季刊絵本新聞「絵本とことば」よりほんの千夜一夜

2017.11.4ほんの千夜一夜

『ミッフィーからの贈り物』ディック・ブルーナ著 (講談社文庫・2015年刊)



ディック・ブルーナによる絵本「ミッフィー」シリーズは世界的に大人気の絵本ですが、1955年にオランダで出版された9年後に、どの国よりも早く『ちいさなうさこちゃん』という題名で翻訳・出版された国が日本でした。
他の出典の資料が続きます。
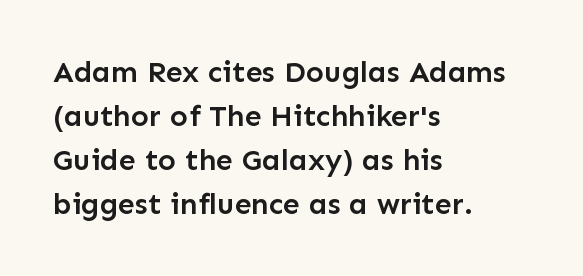
The image shows 30 px semibold sans-serif type, upright; set left-aligned, normal line spacing (1.47x), normal letter spacing, not underlined; low stroke contrast and a medium x-height.
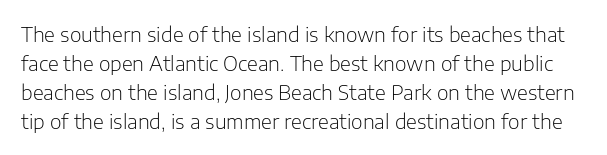
{"italic": "no", "bold": "no", "underline": "no", "line_spacing": "normal", "line_spacing_ratio": 1.45, "letter_spacing": "normal", "letter_spacing_em": 0.0, "glyph_px": 20}
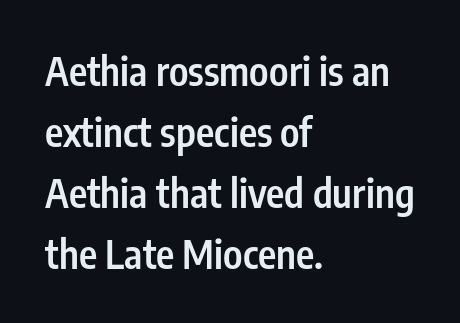
Q: Is the text bold? A: Semi-bold.
Q: Is the text italic (slanted)? A: No, it is upright.
Q: Is the typeface a serif or a sans-serif typeface? A: Sans-serif.
Q: Is the text underlined? A: No.
Q: How is the paragraph aligned? A: Left-aligned.
Q: Is the spacing between letters normal or unusually wide? A: Normal.
Q: Is the spacing between lines tight, normal or loose? A: Normal.
Q: Width (condensed, normal, or wide)? A: Condensed.
Q: Stroke contrast? A: Low.
Q: x-height? A: Medium.
Q: Monospaced? A: No.
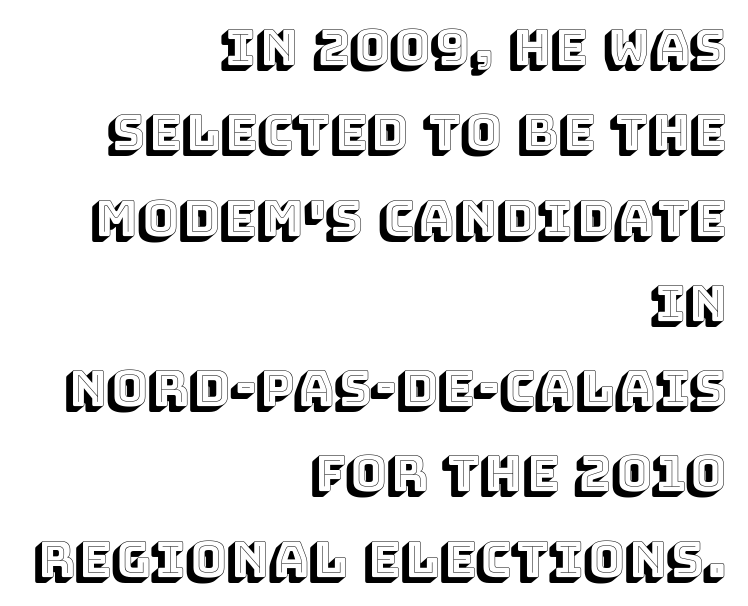
Q: Is the text italic (slanted)? A: No, it is upright.
Q: Is the text underlined? A: No.
Q: How is the paragraph aligned? A: Right-aligned.
Q: Is the spacing between letters normal or unusually wide? A: Normal.
Q: Width (condensed, normal, or wide)? A: Normal.
Q: x-height? A: Large.
Q: Monospaced? A: No.
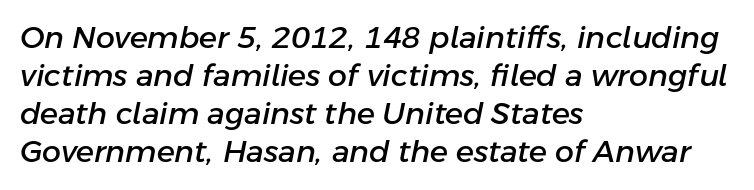
Q: Is the text italic (slanted)? A: Yes, it leans right by about 11 degrees.
Q: Is the text underlined? A: No.
Q: How is the paragraph aligned? A: Left-aligned.
Q: Is the spacing between letters normal or unusually wide? A: Normal.
Q: Is the spacing between lines tight, normal or loose? A: Normal.
Q: Width (condensed, normal, or wide)? A: Normal.
Q: Stroke contrast? A: Low.
Q: x-height? A: Medium.
Q: Monospaced? A: No.
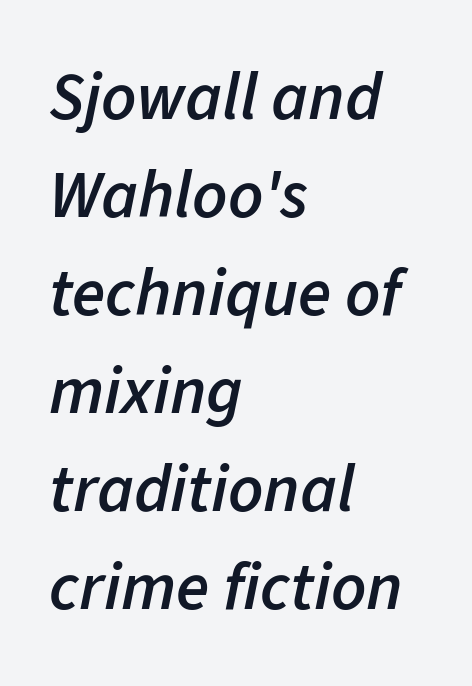
{"italic": "yes", "lean": "right", "slant_degrees": 11, "bold": "semi", "weight": "semibold", "width": "normal", "stroke_contrast": "low", "x_height": "medium", "monospaced": "no", "underline": "no", "align": "left", "line_spacing": "normal", "line_spacing_ratio": 1.44, "letter_spacing": "normal", "letter_spacing_em": 0.0, "glyph_px": 68}

実は、ご自身もうさぎ年生まれで、小さな頃から1日1枚ずつ絵を描くことを心がけていたというブルーナ。
本書は、そんな彼の生涯と作品のひみつがわかる、初めてのインタビュー集です。
ブルーナは毎日、自宅から自転車でスタジオに通い、絵本づくりに取り組んでいました。
「私のことが書かれたこの本が、あなた自身の夢を実現させる役に立つよう、願っています」と冒頭に記されたこの本は、ひとつのことを追い続けて偉業を成し遂げた絵本作家の人生から学ぶことができる一冊です。

加藤映子 大坂女学院大学・短期大学 学長
大阪女学院短期大学卒業後、大阪YMCA勤務を経て、ボストン大学・ハーバード大学教育学大学院に学ぶ。ハーバード大学で教育学修士・教育学博士を取得。専門分野は言語習得・言語と文化・コンピュータを利用した教育。絵本読み聞かせ場面における母子のやりとりなど、「子どもとことば」を現在の研究課題としている。